Thursday, 13 October 2011

Sunset on Mt Peregian

Emu Mountain from Point Perry, Coolum Beach
 Last Sunday afternoon, after napping on and off most of the day, I suddenly felt a desperate need to get out and about for some action before the working week started all over again. Hm, what was close by and wouldn’t mess with my energy too much…..Mount Peregian! I needed to justify my decision to exert myself after a fatigue-ish weekend.. The peak is only a few kms from my home, and at 97 metres above sea level it’s not even a real mountain anyway, wandering up with my camera would be quite do-able. I threw water, said camera, coconut choc muffins (priorities!) and thermos in my pack and charged off for a quick and easy mini-adventure.

Tiny yellow goodenias greeted me at the National Parks gate, and I hoped there would be more wildflowers along the way. The late afternoon sunlight bathed the heath, the dark grey rock, and me in comforting golden warmth. I couldn’t help myself, I immediately started skipping uphill, snapping off pictures of flowering hakeas, philothecas and phebaliums. I got a little excited over the melaleuca blossoms that were backlit and glowing crimson, like beacons above the more subdued low heath species.

The main Mt Peregian trail is such a gentle incline, you hardly even realise you are going uphill. And there’s much to distract you along the way - the ocean to the east, the mountains and ranges to the west, views north all the way to Noosa and beyond, and the delicate wildflowers alongside the track. Also dotting the slopes is the endangered Mt Emu sheoak (Allocasuarina emuina), found nowhere else but here on the hill and a handful of other small pockets nearby.

When you reach the summit (which doesn’t take long), Mt Coolum suddenly looms close by in the south, and I could easily make out the top half of Mt Crookneck/Coonowrin much further afield in the Glasshouse Mountains. Mt Ninderry is the obvious bump to the south west and the ever present triangle of Mt Cooroy is easily spotted in the north west. To the east, it's ocean, ocean, ocean!

Since I found out that Peregian is an Indigenous word for emu, I’ve often imagined what it would be like to spot them in these parts. Apparently they once roamed in abundance on the Coast, but we humans pushed them out long ago with roads, developments and farms.
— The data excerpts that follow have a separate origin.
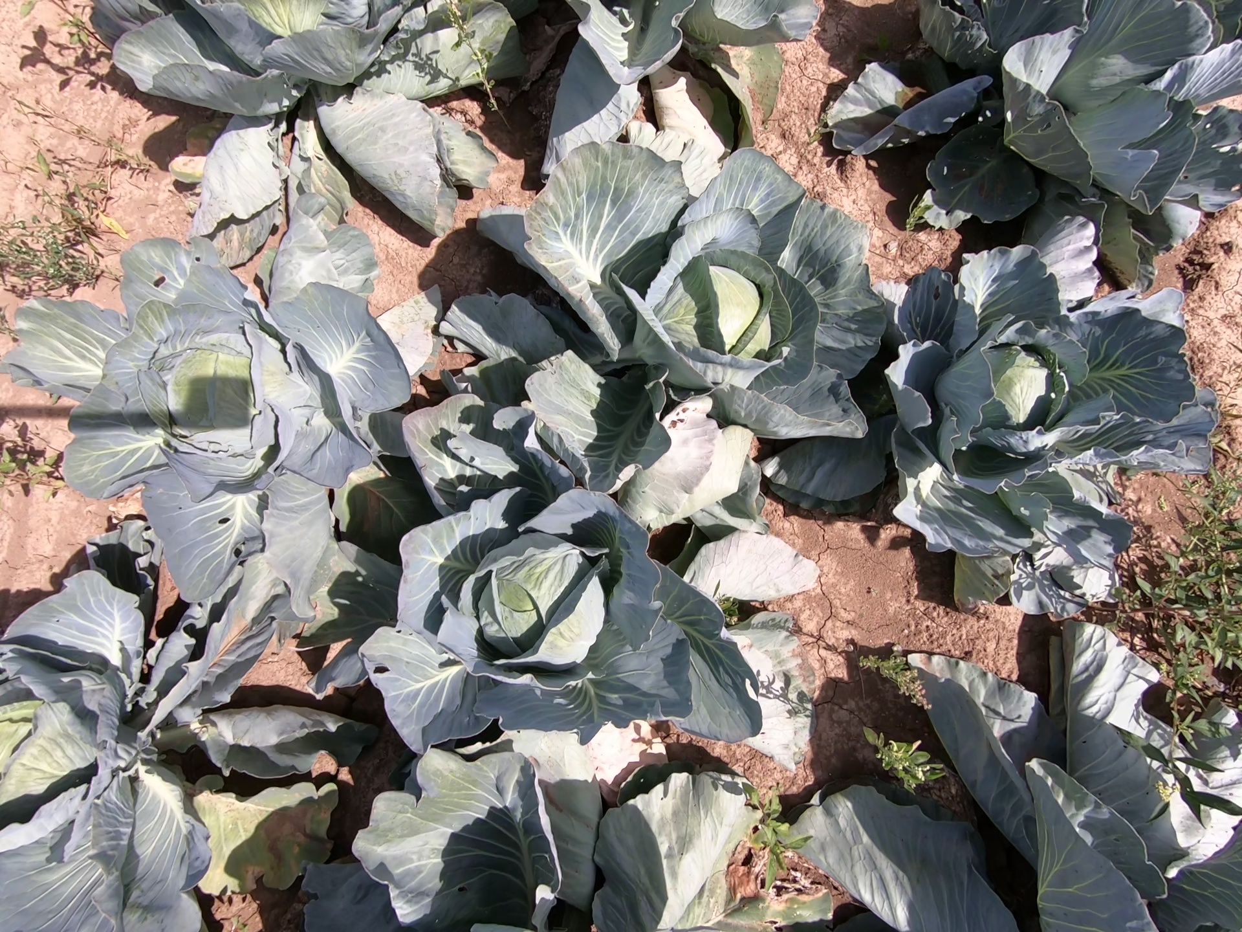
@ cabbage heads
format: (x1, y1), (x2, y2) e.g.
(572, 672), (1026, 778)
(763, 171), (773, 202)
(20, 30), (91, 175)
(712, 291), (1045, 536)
(646, 258), (774, 378)
(477, 535), (603, 667)
(204, 1), (370, 70)
(1, 673), (109, 852)
(164, 333), (290, 454)
(947, 339), (1071, 439)

The summit views tell the story; you can see across areas of national park surrounding the mountain to the harsh edges where the housing estates cut into the wallum landscape.  I shuddered as I looked west to the expanding Peregian Springs development, and thought of the people who fought tirelessly to have so much of the surrounding land gazetted for conservation. I wondered if Emu Mountain would have a house on top of it today if it weren’t for them.
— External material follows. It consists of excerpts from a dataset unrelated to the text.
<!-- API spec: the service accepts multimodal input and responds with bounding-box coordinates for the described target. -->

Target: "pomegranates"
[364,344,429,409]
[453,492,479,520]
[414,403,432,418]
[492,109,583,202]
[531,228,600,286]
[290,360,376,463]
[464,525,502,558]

I had chosen my timing well. A group of whale monitoring scientists were making their way down the mountain as I was nearing the summit. This meant that I had the peak to myself for the sunset. Hot chai, a homemade muffin and a summit sunset; it doesn't take much to make me glad. It's a little different to the old days of adventure racing and marathons, but gratitude goes a long way to keeping my physical and mental health on track (mountain track, that is...)
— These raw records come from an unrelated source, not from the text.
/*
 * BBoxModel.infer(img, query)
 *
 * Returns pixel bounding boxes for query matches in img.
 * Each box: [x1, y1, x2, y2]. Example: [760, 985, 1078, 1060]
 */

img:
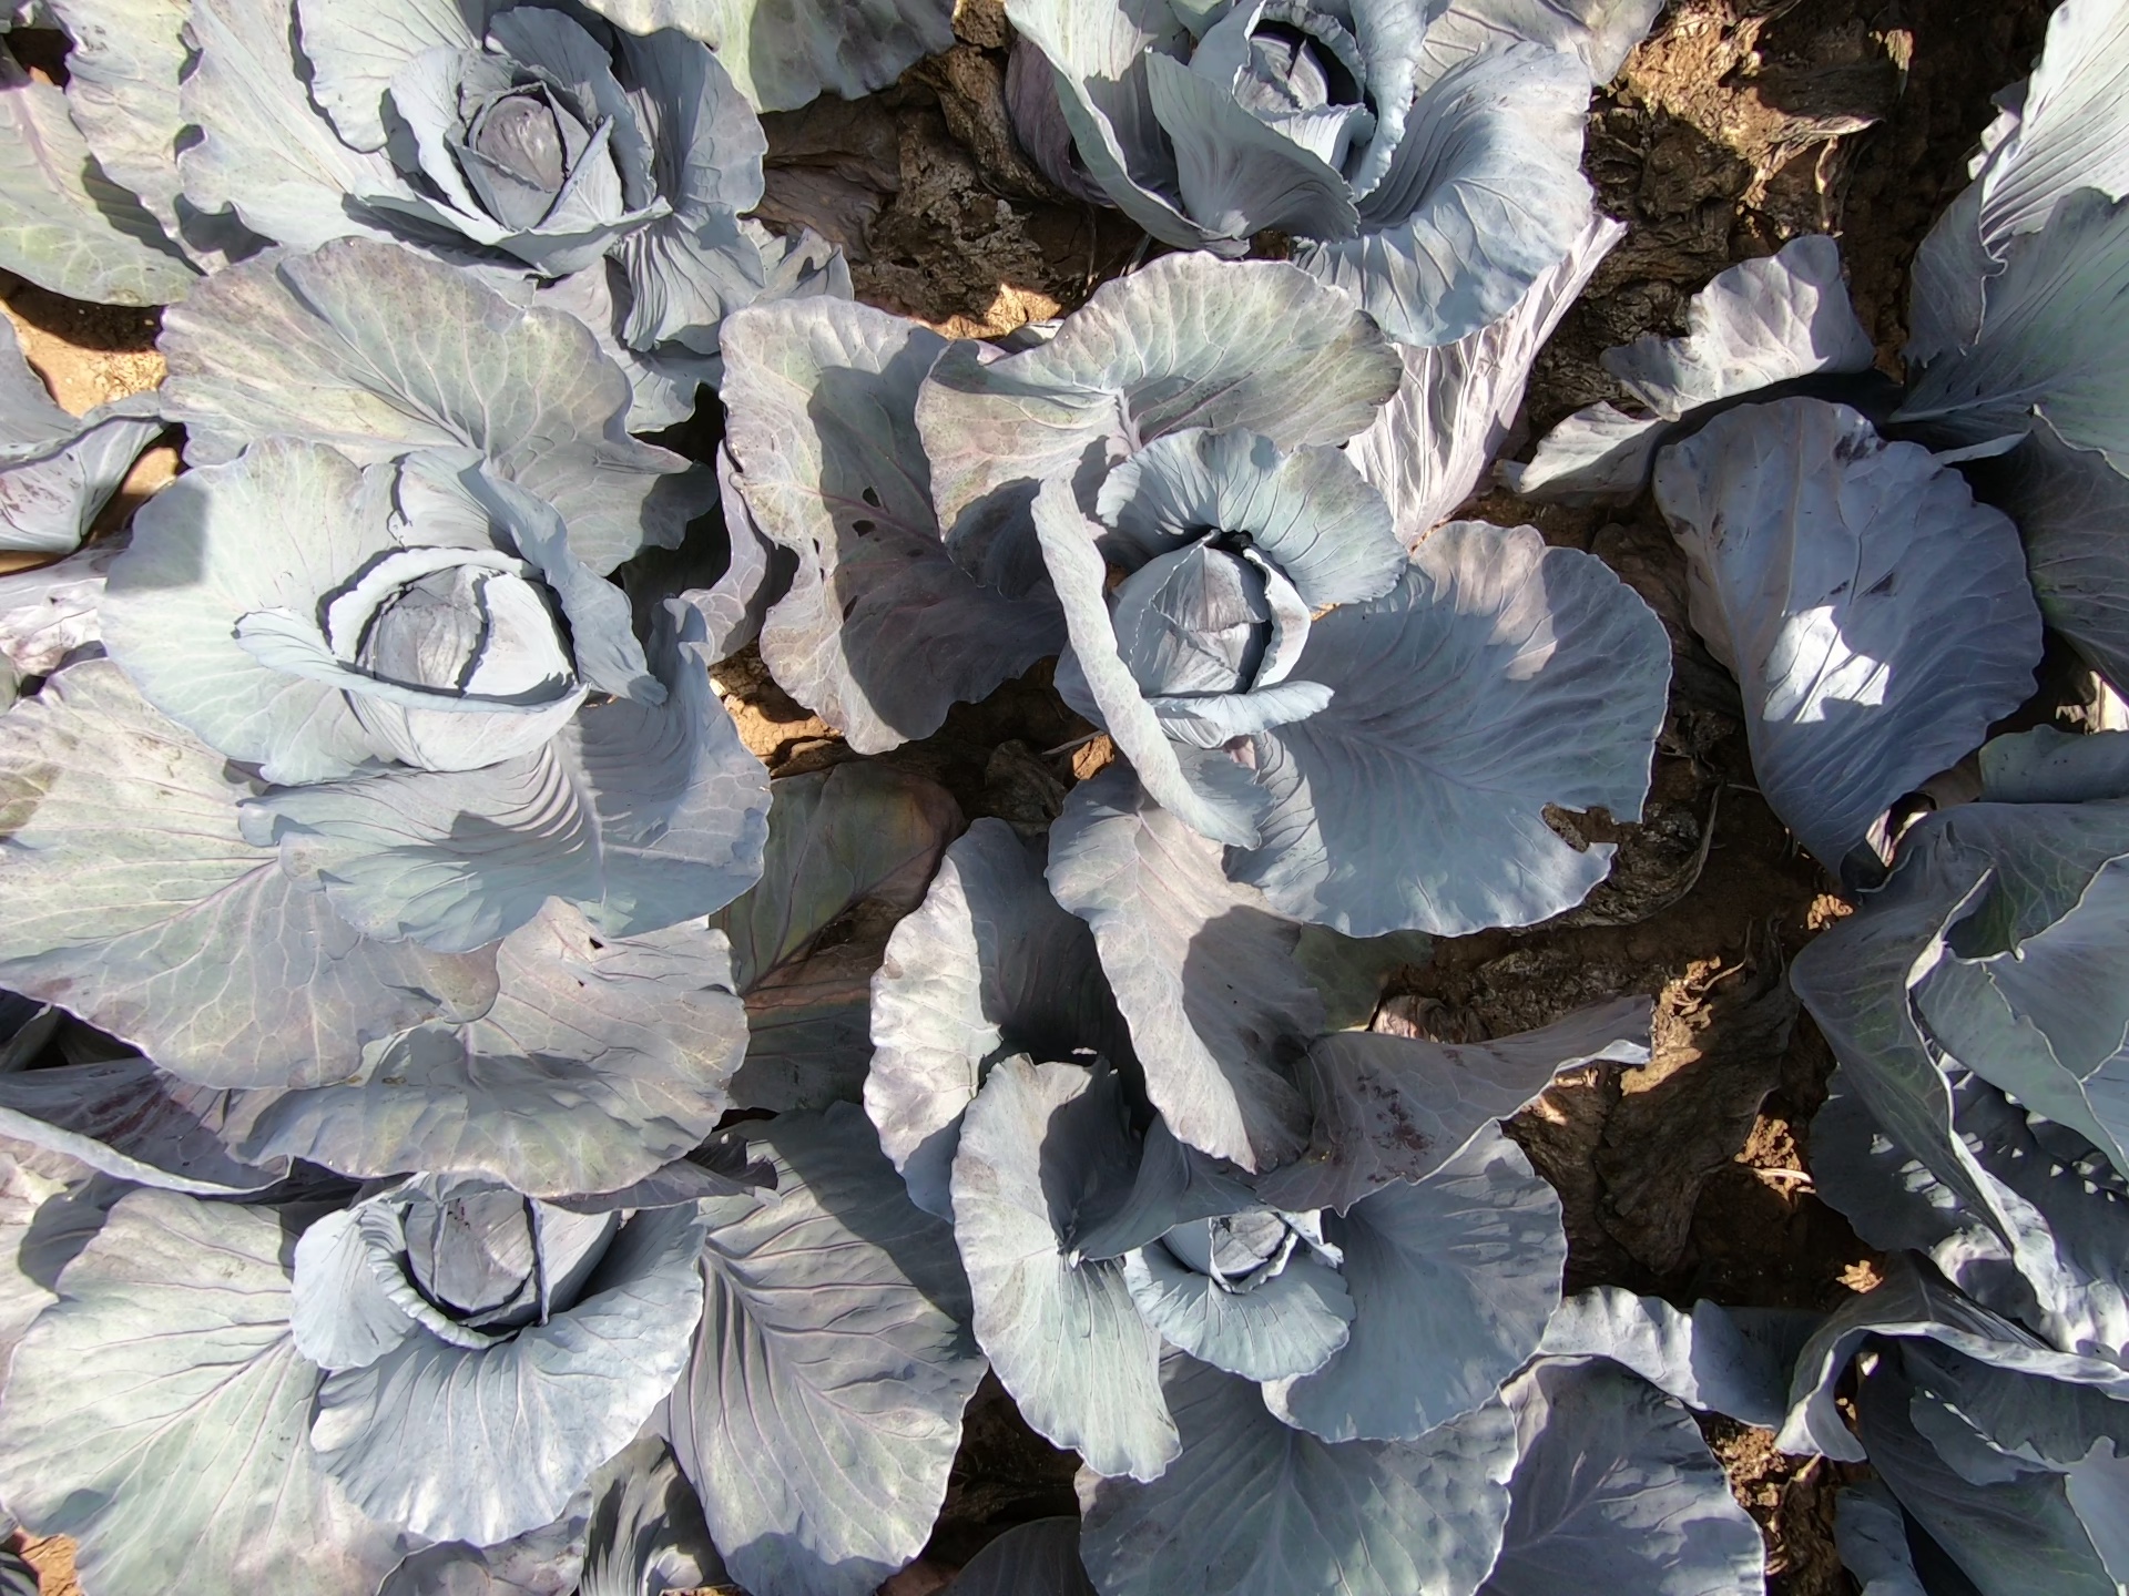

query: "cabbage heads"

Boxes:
[1192, 32, 1331, 202]
[360, 574, 570, 764]
[475, 95, 603, 233]
[1159, 1142, 1292, 1275]
[400, 1139, 615, 1320]
[1123, 543, 1288, 713]

I snapped away as the horizon glowed with silvery-gold rimmed clouds, and then stopped to watch as the sky behind them turned pink, then lilac. The close-to-full moon had already risen in the east and was high up above the sea.

But getting back to the whales, I happened to turn and glance north at the exact moment that one breached, what a bonus! Emu Mountain is another local gem really, super easy, super accessible (just off David Low Way), and with many added extras like wildflowers and whale watching. And a rather nice and rather extensive sea view. There's more than one trail to the summit, the other starting from the Emu Mountain estate on the southern side; and a few other trails around the base.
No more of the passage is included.